Posted Dec 10, 2014 0:53 UTC (Wed)
by bojan (subscriber, #14302)
[Link]
Sometimes, I just want to sit back and use the mouse. Sometimes, I want to type. Sometimes, I want to do both. Gnome 3 makes these choices for me. I thought I was supposed to make those choices. But, hey - we wouldn't want to ruin the "philosophy", now would we? ;-)
Posted Dec 10, 2014 14:47 UTC (Wed)
by dave_malcolm (subscriber, #15013)
[Link] (1 responses)
Posted Dec 10, 2014 15:11 UTC (Wed)
by dave_malcolm (subscriber, #15013)
[Link]
Posted Dec 10, 2014 23:54 UTC (Wed)
by mchapman (subscriber, #66589)
[Link] (33 responses)
You can choose what "Open Terminal" does in the GNOME Terminal preferences. Check the application menu at the top of the screen.
(Yes, this annoyed me as well until I found the preference. That application menu is really not very discoverable...)
Posted Dec 11, 2014 18:53 UTC (Thu)
by paulj (subscriber, #341)
[Link]
Posted Dec 11, 2014 19:01 UTC (Thu)
by sjj (guest, #2020)
[Link] (31 responses)
Posted Dec 11, 2014 19:26 UTC (Thu)
by corbet (editor, #1)
[Link] (30 responses)
After all these years, I still haven't figured out the mindset that leads to conclusions like "if we make each release less featureful and flexible than the one before, we'll get millions of new users".
Posted Dec 11, 2014 21:52 UTC (Thu)
by sjj (guest, #2020)
[Link] (2 responses)
Posted Dec 11, 2014 22:03 UTC (Thu)
by raven667 (subscriber, #5198)
[Link] (1 responses)
Posted Dec 11, 2014 22:13 UTC (Thu)
by sjj (guest, #2020)
[Link]
Posted Dec 11, 2014 22:05 UTC (Thu)
by sjj (guest, #2020)
[Link]
And I *like* a lot of Gnome 3, certainly more than KDE's bling-insanity, Unity's desperate-to-make-a-buck-before-the-well-runs-dry-ness, or various windows95-was-the-perfect-GUI forks. OK, I'll stop trolling now.
Posted Dec 12, 2014 0:18 UTC (Fri)
by bojan (subscriber, #14302)
[Link] (1 responses)
Yeah, looks like "how annoying we can get" is the new measure of Gnome success.
Here is a great counter example of how it should be done. Firefox. If I right click on a link, I get the options to open in a new tab, a new window or even a new private window.
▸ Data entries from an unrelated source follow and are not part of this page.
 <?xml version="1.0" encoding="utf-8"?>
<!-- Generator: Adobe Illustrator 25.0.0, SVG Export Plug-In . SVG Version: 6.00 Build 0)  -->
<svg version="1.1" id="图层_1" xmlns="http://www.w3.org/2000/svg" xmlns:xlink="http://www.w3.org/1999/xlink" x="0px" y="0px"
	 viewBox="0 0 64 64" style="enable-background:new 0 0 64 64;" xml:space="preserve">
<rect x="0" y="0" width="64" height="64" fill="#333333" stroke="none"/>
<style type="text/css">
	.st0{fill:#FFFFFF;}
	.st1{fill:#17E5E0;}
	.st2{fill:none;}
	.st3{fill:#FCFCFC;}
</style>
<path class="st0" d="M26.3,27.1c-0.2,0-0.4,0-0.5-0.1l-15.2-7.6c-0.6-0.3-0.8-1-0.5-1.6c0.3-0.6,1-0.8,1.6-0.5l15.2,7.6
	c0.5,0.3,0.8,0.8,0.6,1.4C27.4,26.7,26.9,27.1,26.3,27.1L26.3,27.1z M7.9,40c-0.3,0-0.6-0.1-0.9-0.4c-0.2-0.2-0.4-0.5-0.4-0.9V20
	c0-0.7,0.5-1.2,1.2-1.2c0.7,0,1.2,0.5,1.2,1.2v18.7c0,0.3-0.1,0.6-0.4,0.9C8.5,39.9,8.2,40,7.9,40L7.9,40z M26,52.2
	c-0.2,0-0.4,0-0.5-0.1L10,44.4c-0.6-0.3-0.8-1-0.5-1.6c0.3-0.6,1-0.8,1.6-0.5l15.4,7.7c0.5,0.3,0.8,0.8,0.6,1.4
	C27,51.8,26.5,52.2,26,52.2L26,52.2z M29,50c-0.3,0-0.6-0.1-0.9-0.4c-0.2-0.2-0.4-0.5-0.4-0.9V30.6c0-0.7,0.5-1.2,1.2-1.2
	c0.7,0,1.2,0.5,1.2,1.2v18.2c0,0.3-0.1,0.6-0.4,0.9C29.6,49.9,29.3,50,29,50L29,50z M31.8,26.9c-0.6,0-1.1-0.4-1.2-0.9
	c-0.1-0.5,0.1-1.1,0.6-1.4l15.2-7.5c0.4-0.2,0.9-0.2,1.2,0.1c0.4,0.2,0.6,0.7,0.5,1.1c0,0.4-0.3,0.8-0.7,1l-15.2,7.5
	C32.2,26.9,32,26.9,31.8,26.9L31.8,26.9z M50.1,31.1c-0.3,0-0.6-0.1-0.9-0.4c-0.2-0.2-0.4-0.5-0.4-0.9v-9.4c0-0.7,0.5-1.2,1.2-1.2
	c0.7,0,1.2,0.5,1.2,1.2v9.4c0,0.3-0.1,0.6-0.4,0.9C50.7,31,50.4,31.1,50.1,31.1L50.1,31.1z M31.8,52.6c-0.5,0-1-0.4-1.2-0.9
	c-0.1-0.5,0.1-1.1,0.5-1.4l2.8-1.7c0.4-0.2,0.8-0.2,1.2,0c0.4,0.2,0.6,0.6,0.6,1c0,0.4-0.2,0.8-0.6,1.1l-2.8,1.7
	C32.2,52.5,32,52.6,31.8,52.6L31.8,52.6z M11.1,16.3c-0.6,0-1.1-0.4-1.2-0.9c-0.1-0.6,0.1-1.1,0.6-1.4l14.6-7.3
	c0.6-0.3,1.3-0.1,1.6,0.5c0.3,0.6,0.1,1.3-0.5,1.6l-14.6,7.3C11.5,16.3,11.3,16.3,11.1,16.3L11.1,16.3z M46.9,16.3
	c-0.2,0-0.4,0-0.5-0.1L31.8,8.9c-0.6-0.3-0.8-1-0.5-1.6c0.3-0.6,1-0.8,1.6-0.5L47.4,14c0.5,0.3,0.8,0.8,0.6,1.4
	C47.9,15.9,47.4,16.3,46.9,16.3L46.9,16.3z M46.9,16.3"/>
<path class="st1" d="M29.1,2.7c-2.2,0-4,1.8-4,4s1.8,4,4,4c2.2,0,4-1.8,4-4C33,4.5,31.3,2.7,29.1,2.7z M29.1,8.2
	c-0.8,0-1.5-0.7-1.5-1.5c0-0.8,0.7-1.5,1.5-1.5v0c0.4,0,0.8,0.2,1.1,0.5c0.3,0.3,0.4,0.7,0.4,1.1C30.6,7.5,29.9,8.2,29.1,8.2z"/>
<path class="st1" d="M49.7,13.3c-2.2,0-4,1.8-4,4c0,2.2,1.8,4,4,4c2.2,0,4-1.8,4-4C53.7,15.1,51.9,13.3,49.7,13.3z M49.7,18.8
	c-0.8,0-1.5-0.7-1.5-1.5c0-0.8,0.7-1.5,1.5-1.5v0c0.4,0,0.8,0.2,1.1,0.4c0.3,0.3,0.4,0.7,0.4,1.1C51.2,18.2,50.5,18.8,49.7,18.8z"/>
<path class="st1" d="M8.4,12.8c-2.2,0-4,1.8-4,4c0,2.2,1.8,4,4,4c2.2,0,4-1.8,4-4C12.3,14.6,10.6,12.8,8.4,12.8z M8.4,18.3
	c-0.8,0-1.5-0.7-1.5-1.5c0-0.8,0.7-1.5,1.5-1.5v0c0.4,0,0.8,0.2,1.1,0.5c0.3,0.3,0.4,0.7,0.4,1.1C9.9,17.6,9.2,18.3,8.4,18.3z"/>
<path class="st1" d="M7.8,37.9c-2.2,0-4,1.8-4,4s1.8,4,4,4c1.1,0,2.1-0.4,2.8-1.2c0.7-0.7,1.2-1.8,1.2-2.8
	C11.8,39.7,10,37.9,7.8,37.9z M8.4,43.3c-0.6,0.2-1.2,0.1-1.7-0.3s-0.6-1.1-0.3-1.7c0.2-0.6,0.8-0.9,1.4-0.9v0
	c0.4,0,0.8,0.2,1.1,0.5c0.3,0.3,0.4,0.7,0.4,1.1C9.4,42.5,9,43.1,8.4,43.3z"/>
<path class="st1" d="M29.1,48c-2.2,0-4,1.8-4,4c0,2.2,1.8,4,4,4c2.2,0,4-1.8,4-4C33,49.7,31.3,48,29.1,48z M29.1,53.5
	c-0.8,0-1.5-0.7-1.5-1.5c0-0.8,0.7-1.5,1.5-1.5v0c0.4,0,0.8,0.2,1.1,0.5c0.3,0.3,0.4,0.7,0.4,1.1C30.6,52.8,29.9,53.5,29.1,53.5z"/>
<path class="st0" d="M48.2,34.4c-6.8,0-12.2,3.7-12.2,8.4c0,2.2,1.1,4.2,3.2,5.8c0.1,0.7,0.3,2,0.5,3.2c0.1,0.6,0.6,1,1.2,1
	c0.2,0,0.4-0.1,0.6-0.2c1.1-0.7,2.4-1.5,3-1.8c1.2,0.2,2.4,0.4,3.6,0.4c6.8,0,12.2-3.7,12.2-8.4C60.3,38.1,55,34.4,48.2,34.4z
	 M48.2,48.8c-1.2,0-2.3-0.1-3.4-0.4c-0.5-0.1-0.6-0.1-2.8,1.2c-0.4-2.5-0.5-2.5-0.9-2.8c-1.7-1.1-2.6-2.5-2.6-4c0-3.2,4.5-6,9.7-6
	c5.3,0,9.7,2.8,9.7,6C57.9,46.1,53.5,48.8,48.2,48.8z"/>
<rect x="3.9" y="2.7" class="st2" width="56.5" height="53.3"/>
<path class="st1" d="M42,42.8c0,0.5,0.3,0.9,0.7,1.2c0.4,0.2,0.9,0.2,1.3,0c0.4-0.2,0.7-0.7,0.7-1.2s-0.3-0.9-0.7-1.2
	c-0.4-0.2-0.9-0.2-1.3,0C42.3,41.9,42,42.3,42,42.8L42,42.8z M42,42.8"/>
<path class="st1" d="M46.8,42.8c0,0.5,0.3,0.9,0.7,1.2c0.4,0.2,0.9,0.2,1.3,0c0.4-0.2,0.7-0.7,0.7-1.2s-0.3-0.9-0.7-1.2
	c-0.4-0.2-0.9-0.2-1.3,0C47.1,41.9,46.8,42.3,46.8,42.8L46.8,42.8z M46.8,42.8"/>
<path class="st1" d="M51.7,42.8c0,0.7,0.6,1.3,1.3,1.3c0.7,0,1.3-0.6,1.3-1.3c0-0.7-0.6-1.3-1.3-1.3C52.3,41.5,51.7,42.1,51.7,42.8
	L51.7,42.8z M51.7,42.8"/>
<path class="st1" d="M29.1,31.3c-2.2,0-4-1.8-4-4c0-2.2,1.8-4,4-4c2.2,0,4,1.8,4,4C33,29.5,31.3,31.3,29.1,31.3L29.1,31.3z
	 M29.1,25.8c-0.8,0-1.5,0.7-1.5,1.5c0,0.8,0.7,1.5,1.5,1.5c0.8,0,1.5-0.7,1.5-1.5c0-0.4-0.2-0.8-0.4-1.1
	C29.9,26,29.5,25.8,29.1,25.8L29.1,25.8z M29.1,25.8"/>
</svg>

Logical, straightforward and simple. Nothing confusing about it.
Gnome terminal had that. Then they had to remove it and do the stupid and hidden "press Ctrl to change behaviour" thing, which doesn't even display a different menu item when Ctrl is pressed (at least the stupid Alt to suspend does).
The mind boggles... :-(
Posted Dec 12, 2014 10:04 UTC (Fri)
by darrylb123 (subscriber, #85709)
[Link]
So, click on the dock for a new window and click on open terminal for a new Tab. Not that illogical.
Posted Dec 12, 2014 5:10 UTC (Fri)
by raven667 (subscriber, #5198)
[Link]
Posted Dec 12, 2014 14:22 UTC (Fri)
by ebassi (subscriber, #54855)
[Link] (22 responses)
probably because it's not an actual mindset, but just a projection from somebody whose pet feature has been removed and wants to blame somebody?
Posted Dec 12, 2014 14:47 UTC (Fri)
by corbet (editor, #1)
[Link] (14 responses)
That's just from a couple minutes of thinking; others will have their own lists. GNOME developers certainly feel they have good reasons for the decisions they make, but it seems strange to deny that "removal of features is a good thing" is one of them. Havoc Pennington once described the wish to disable autoraise as "crack"; I've seen no evidence that the project has changed its view on such things even though he is no longer driving it.
Posted Dec 12, 2014 19:23 UTC (Fri)
by pebolle (guest, #35204)
[Link] (4 responses)
Well, didn't the wording of your comment make it likely that it would trigger a blunt reply?
> Not have a window raise just because I clicked on it.
I need education here, it seems. What does this mean? Does it mean you prefer "focus follows mouse"?
> Havoc Pennington once described the wish to disable autoraise as "crack";
I never met Havoc Pennington, but I did track his blog when Havoc was still working on Gnome, and enjoyed reading it. Where did Havoc say that?
Posted Dec 12, 2014 20:03 UTC (Fri)
by dlang (guest, #313)
[Link] (3 responses)
> I need education here, it seems. What does this mean? Does it mean you prefer "focus follows mouse"?
click on a window to focus it, but don't raise it unless you click on the border/title.
This allows you to have documentation in the forfront, click on a window to type a command in without it raising to block the documentation, but without the possibility of your focus shifting because the mouse got bumped the way 'focus follows mouse' does.
It's how I've got KDE configured
Posted Dec 12, 2014 20:14 UTC (Fri)
by mathstuf (subscriber, #69389)
[Link] (1 responses)
Posted Dec 12, 2014 21:15 UTC (Fri)
by dlang (guest, #313)
[Link]
Posted Dec 12, 2014 20:35 UTC (Fri)
by pebolle (guest, #35204)
[Link]
> click on a window to focus it, but don't raise it unless you click on the
Thanks. I'll interpret that as somewhere between "click to focus and raise" and "focus follows mouse". Say: "click to just focus".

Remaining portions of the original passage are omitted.